日本はテックイデオロギーを生み出す巧者

 グーグルがベルリンのクロイツベルク地区に新たな拠点を設立しようとしたとき、ベルリンでは反対運動が起きました。このような巨大テック企業への反対運動は、日本では見られませんね。人々の認識には、日独でかなりのギャップがあると感じます。

 それは、日本がテクノロジーに関するイデオロギーを生み出すのが抜群にうまいからだと私は思います。このようなストーリーの紡ぎ手としては、日本は第一級の国の1つで、90年代はカリフォルニア以上、少なくとも同等に重要な存在だったと思います。今はそこまでの存在感はありませんが。とはいえ、モダニティに対する日本の貢献がなければテレビゲームは今日の姿にはなっていなかったでしょうし、それゆえインターネットで我々が得る経験も今の状態にはかすりもしないものになっていたでしょう。

 ですから日本は、地球上でテクノロジーがもっとも進んでいる地域の一つであり続けているのです。昔はやった「たまごっち」は、機械に愛情を投影することで、人間としての欲望が置き換えられるものでした。日本は一社会として、こうしたモデルを受け入れる傾向が他の地域よりもあると思うのです。

 ドイツで起きた反GAFA運動に関して一つ私が強く思っているのは、ドイツは実に長い期間、テクノロジーと独裁主義、イデオロギーとの関わりを味わってきたということです。ドイツは自動車を発明しましたね。忘れてはならない、ドイツが行った人類滅亡への多大な「貢献」です。ドイツのイデオロギーというのは――私は今これをかつての姿に修復しようと使命感を持ってやっているんですが――ともかく、ドイツの発明というのは人類史上最悪に近い。

 もちろん他にも人類滅亡に「貢献」している国はありますし、ドイツにも、カントやヘーゲルらがモダニティに素晴らしい貢献をした面もあります。

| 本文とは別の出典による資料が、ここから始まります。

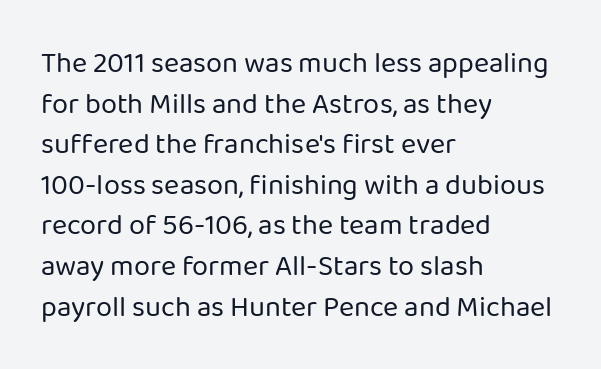
{"serif": "no", "italic": "no", "bold": "no", "weight": "regular", "width": "normal", "stroke_contrast": "low", "x_height": "medium", "monospaced": "no", "underline": "no", "align": "left", "line_spacing": "normal", "line_spacing_ratio": 1.4, "letter_spacing": "normal", "letter_spacing_em": 0.0, "glyph_px": 29}
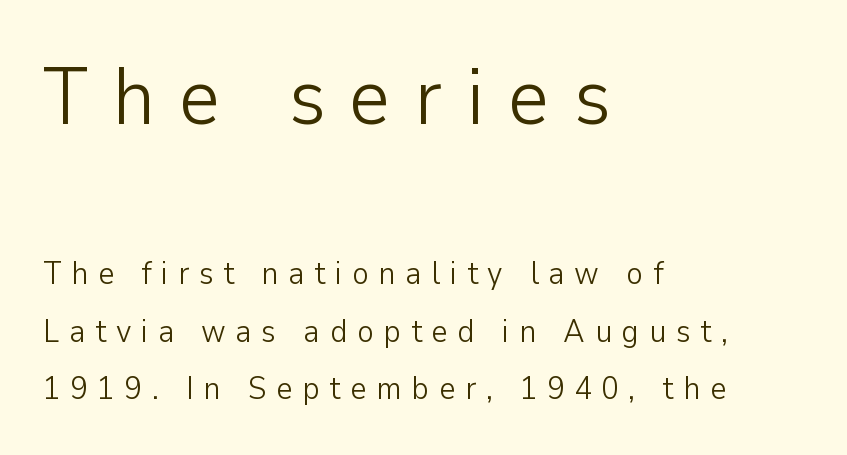
A typesetter would call this proportional, since set widths differ per character. Beneath every word, the page is bare. These lines are composed in type without serifs. Stroke thickness stays within the range of a standard reading face or lighter. Block one is the big one; block two sits smaller underneath. Ordinary non-slanted type is in use.
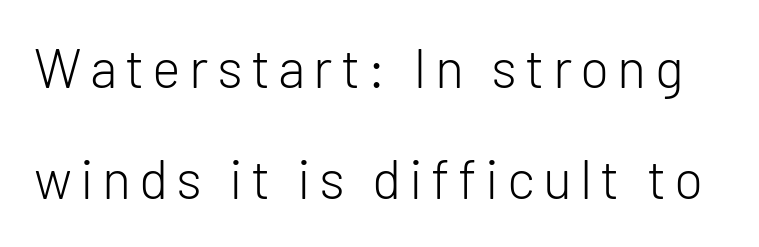
{"serif": "no", "italic": "no", "bold": "no", "weight": "light", "width": "normal", "stroke_contrast": "low", "x_height": "medium", "monospaced": "no", "underline": "no", "line_spacing": "loose", "line_spacing_ratio": 2.06, "glyph_px": 54}
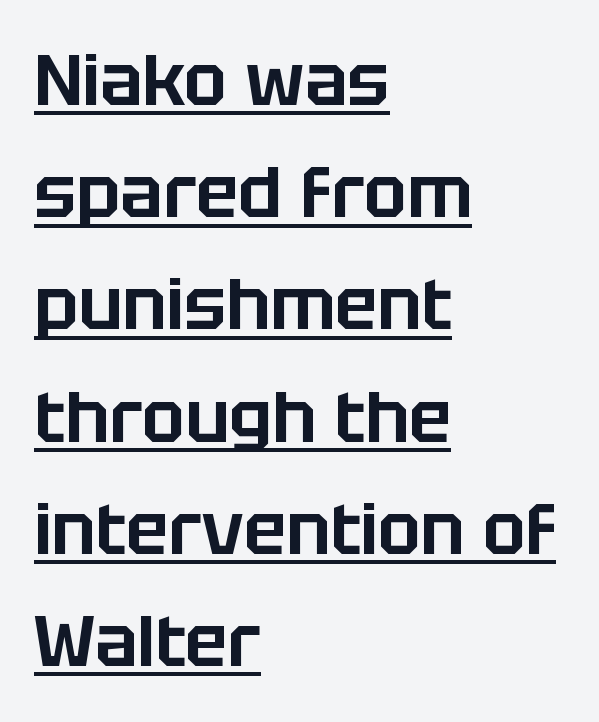
The image shows 71 px sans-serif type, upright; set left-aligned, normal line spacing (1.58x), normal letter spacing, underlined; low stroke contrast and a large x-height.
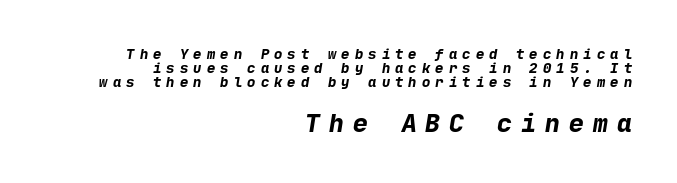
Q: Is the text bold? A: Yes.
Q: Is the text underlined? A: No.
Q: How is the paragraph aligned? A: Right-aligned.
Q: Is the spacing between letters normal or unusually wide? A: Unusually wide.
Q: Is the spacing between lines tight, normal or loose? A: Tight.
Q: Which block of text is set in a larger size, the first (top) or the second (bottom)? A: The second (bottom) one.
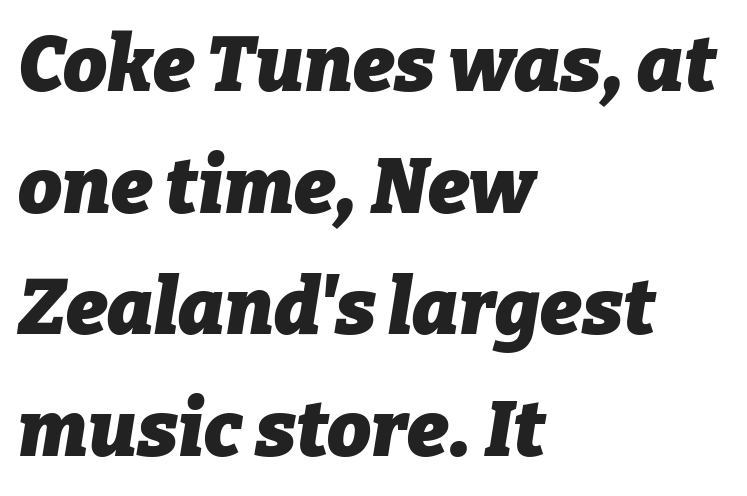
{"italic": "yes", "lean": "right", "slant_degrees": 9, "bold": "yes", "weight": "heavy", "width": "normal", "stroke_contrast": "low", "x_height": "medium", "monospaced": "no", "underline": "no", "align": "left", "line_spacing": "normal", "line_spacing_ratio": 1.56, "letter_spacing": "normal", "letter_spacing_em": 0.0, "glyph_px": 78}
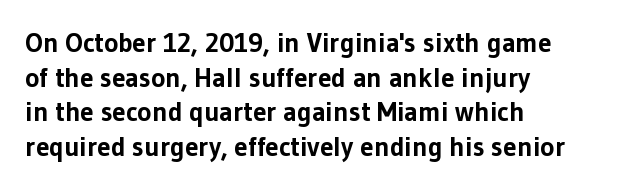
Compared with typical body copy, the letter spacing here is the same. The setting favours the left margin, as ordinary paragraphs usually do. Heft: maximum for text — a bold. Beneath every word, the page is bare. Successive baselines arrive at the customary interval. These lines were composed using upright roman letters.

それでも、ドイツの発明は最悪です。

 それからドイツは、二度の世界大戦で非常に重大な役割を果たしました。実際はもっとさまざまな要因が絡み合って引き起こされたのですが、端的にいうとそうなります。あれは人間を破壊するためにテクノロジーが使われた戦争でした。ドイツのテクノロジーに対する見識は、そういうものです。テクノロジーとは、壊滅という悪の力だと思っています。ですから、テクノロジーで利益を得ている一部の人々を除き、ドイツにおける批判的思考の持ち主は誰でも、デジタルテクノロジーに強い抵抗を示すでしょう。これは独裁だ、と本能的に反応します。直感的に、独裁に対して反発を起こすのです。